> [EXERCISE DESCRIPTION] The lines to copy are those in the records below that hold the word "sienna".
MATERIAL SHOWN START
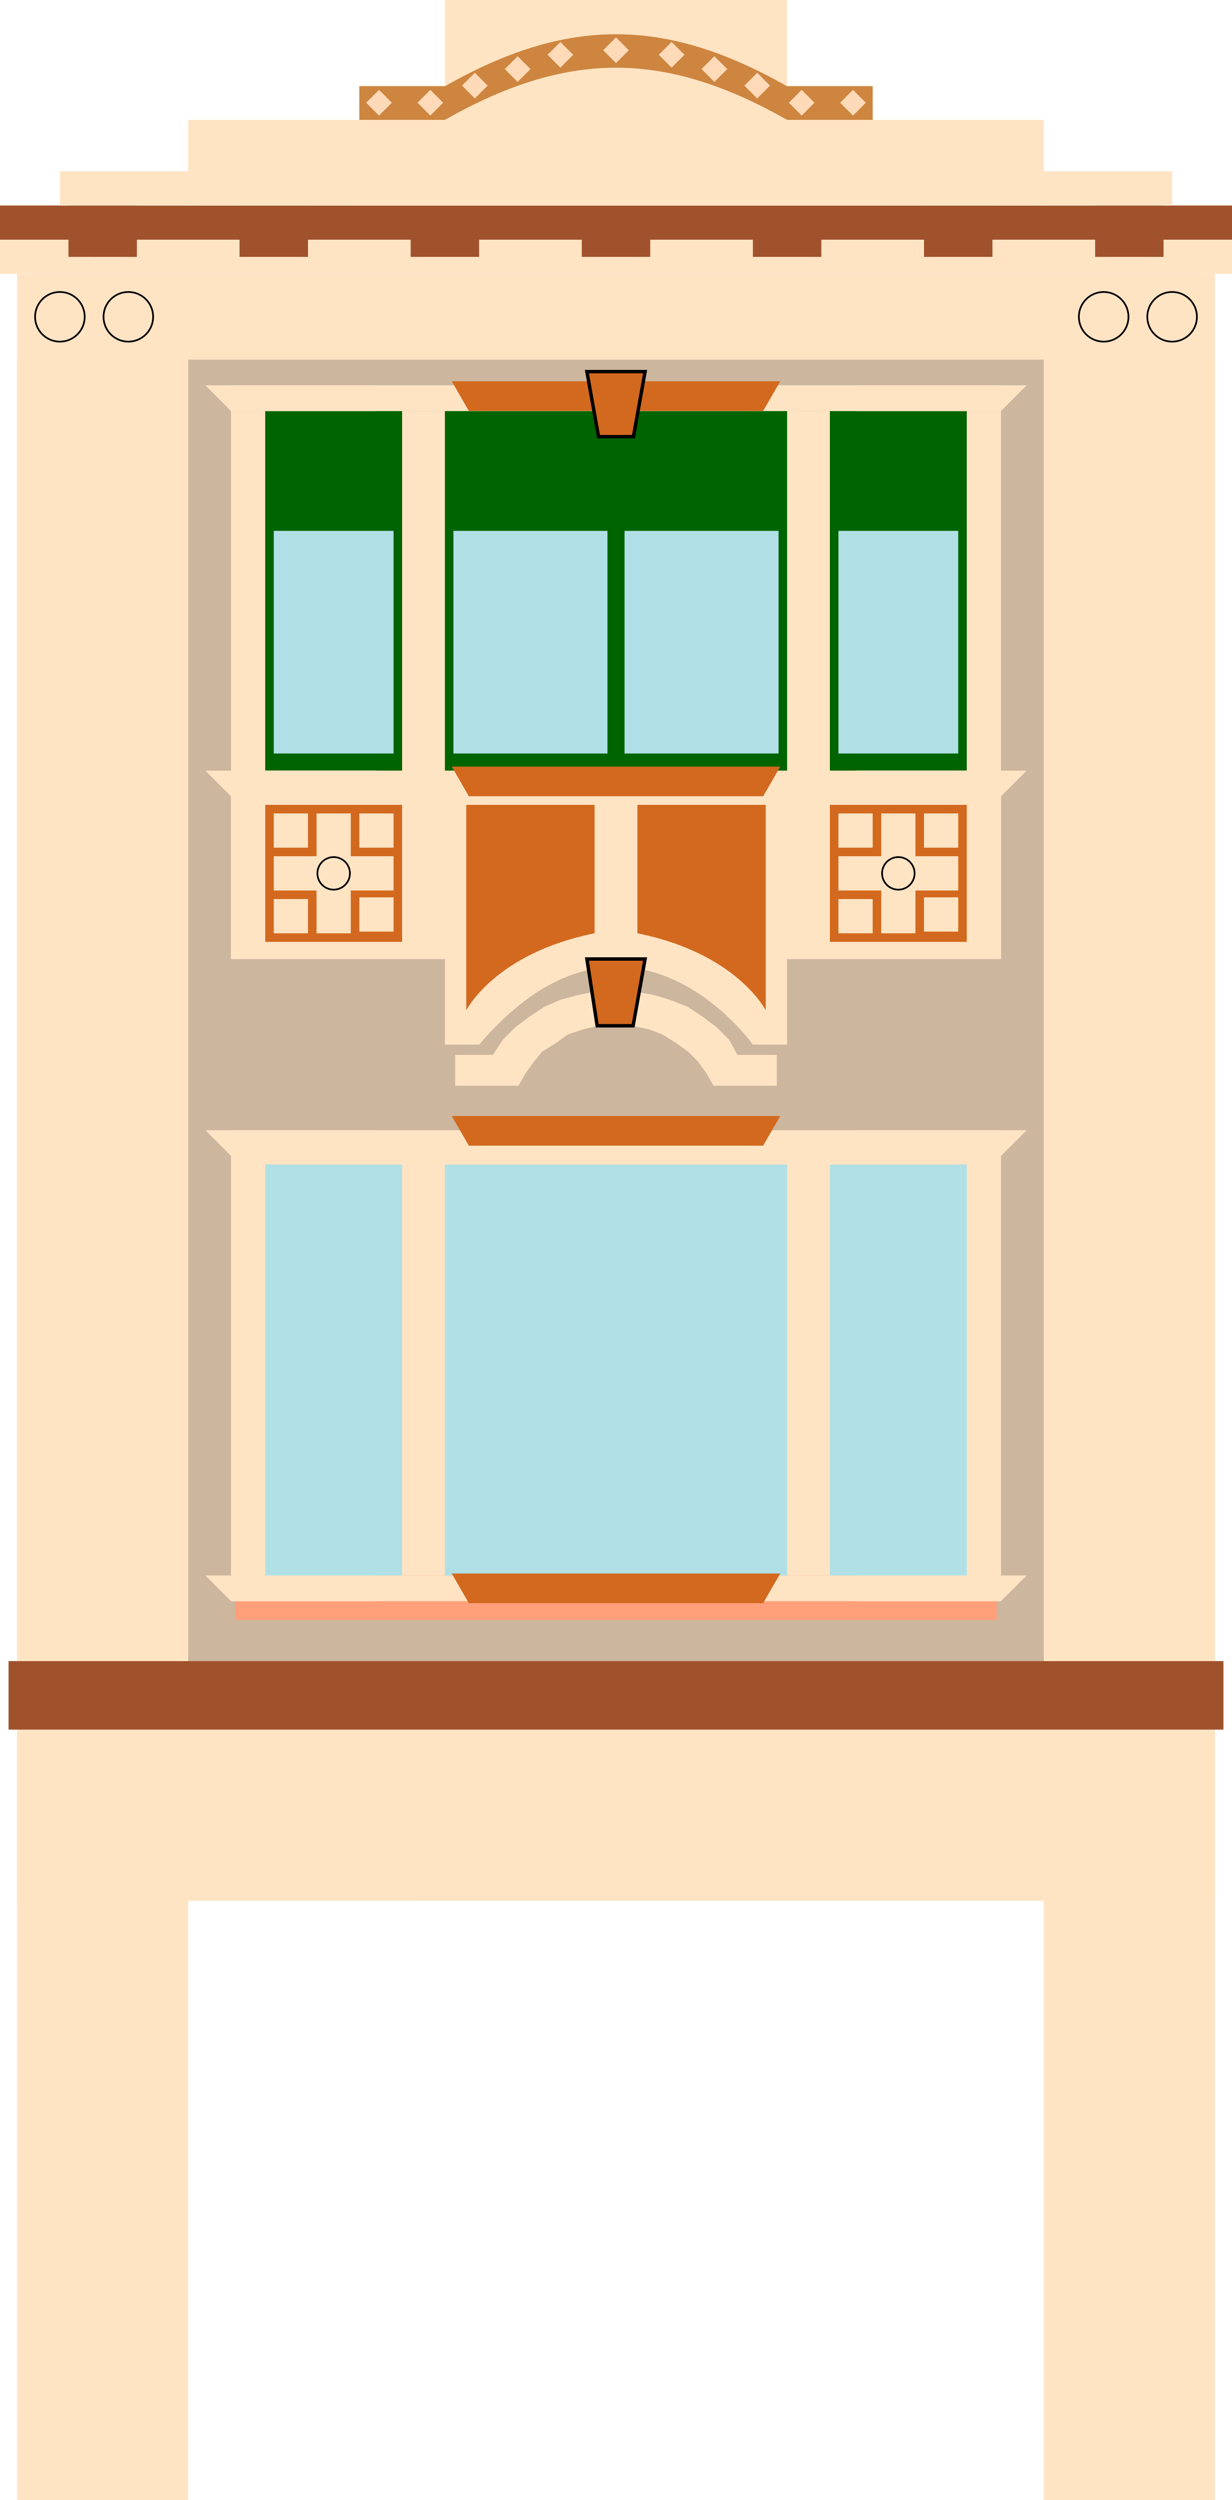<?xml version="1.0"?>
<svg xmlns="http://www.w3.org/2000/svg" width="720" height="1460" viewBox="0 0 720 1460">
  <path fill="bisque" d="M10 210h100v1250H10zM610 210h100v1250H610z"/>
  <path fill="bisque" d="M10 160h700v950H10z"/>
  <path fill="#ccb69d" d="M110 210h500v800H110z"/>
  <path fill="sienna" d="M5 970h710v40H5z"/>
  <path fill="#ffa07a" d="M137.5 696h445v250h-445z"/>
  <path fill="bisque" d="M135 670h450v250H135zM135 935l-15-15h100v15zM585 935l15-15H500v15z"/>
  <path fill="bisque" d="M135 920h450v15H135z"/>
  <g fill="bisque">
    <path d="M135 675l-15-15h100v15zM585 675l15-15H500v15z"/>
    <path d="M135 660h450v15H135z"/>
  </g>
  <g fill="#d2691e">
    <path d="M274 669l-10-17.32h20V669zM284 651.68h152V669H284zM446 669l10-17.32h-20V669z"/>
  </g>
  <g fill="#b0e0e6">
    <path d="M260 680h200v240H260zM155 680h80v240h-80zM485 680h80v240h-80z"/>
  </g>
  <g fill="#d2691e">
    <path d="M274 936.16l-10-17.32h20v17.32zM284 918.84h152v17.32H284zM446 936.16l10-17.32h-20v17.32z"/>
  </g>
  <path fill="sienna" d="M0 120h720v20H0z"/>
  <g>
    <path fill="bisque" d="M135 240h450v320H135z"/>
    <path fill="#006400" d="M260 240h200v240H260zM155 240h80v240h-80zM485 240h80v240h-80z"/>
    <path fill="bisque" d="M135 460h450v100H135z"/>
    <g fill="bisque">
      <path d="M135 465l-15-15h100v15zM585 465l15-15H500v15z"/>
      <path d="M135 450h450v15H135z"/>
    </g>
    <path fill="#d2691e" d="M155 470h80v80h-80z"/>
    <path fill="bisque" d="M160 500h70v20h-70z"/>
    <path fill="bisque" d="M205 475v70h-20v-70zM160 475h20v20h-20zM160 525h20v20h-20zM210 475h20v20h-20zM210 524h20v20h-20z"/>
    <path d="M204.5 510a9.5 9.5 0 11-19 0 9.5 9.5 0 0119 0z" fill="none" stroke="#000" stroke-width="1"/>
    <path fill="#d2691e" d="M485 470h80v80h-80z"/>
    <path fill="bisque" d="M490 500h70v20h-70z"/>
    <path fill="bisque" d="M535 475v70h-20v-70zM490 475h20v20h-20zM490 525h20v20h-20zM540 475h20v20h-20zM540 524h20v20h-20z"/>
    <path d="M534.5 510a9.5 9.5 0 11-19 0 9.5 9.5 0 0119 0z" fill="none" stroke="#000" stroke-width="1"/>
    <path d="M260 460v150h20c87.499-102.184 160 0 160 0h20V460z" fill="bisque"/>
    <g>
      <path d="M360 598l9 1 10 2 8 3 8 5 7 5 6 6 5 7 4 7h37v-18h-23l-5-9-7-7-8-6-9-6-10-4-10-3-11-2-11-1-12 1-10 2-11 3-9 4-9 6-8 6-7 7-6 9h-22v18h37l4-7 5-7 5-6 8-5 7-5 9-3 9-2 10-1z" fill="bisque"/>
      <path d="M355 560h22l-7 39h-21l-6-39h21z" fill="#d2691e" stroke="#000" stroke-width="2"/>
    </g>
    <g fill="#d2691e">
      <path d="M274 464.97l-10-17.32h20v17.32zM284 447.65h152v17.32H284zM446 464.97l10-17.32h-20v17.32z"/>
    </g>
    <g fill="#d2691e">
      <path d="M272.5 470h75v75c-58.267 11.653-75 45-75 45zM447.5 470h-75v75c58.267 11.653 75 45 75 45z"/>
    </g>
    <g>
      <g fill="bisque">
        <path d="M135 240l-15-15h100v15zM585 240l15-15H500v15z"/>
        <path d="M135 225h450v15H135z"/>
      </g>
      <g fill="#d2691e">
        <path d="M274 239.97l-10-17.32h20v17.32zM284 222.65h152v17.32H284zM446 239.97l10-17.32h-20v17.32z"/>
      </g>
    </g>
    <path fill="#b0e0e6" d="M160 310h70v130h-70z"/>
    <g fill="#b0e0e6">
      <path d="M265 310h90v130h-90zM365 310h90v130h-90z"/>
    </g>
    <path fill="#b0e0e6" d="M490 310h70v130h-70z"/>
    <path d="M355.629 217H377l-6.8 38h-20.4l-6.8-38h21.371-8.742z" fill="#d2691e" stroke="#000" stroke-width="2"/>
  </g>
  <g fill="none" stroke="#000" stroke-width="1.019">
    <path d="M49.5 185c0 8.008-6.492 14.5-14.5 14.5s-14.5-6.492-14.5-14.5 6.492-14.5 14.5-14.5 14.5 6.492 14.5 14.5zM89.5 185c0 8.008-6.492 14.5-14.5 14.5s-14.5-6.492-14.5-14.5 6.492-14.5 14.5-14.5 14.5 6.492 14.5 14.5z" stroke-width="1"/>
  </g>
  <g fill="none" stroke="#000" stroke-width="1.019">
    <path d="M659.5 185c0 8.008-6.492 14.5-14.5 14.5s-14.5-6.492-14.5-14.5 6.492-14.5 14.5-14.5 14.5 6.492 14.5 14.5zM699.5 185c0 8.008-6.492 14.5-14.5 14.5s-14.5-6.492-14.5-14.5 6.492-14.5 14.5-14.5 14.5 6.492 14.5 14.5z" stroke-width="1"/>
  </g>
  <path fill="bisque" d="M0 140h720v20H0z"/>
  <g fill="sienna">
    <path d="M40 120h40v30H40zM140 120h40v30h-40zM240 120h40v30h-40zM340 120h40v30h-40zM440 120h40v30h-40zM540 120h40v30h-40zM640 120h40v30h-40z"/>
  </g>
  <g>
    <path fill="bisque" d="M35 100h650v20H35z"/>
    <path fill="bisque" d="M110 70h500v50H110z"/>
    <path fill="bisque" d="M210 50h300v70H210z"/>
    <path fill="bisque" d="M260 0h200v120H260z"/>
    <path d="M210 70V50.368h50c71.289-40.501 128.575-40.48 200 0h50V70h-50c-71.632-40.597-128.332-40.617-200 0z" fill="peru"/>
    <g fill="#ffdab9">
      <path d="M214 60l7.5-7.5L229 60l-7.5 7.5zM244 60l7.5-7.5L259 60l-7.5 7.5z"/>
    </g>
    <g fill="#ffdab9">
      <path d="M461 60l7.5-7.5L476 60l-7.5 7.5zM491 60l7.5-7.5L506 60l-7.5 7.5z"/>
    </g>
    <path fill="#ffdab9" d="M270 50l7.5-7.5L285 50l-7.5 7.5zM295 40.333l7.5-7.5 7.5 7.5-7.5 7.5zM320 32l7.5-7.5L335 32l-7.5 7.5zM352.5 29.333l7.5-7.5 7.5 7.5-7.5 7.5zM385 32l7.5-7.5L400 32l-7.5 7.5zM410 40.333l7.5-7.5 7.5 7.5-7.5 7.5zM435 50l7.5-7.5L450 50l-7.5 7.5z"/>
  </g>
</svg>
MATERIAL SHOWN END
> [RESULT OF THE EXERCISE]
  <path fill="sienna" d="M5 970h710v40H5z"/>
  <path fill="sienna" d="M0 120h720v20H0z"/>
  <g fill="sienna">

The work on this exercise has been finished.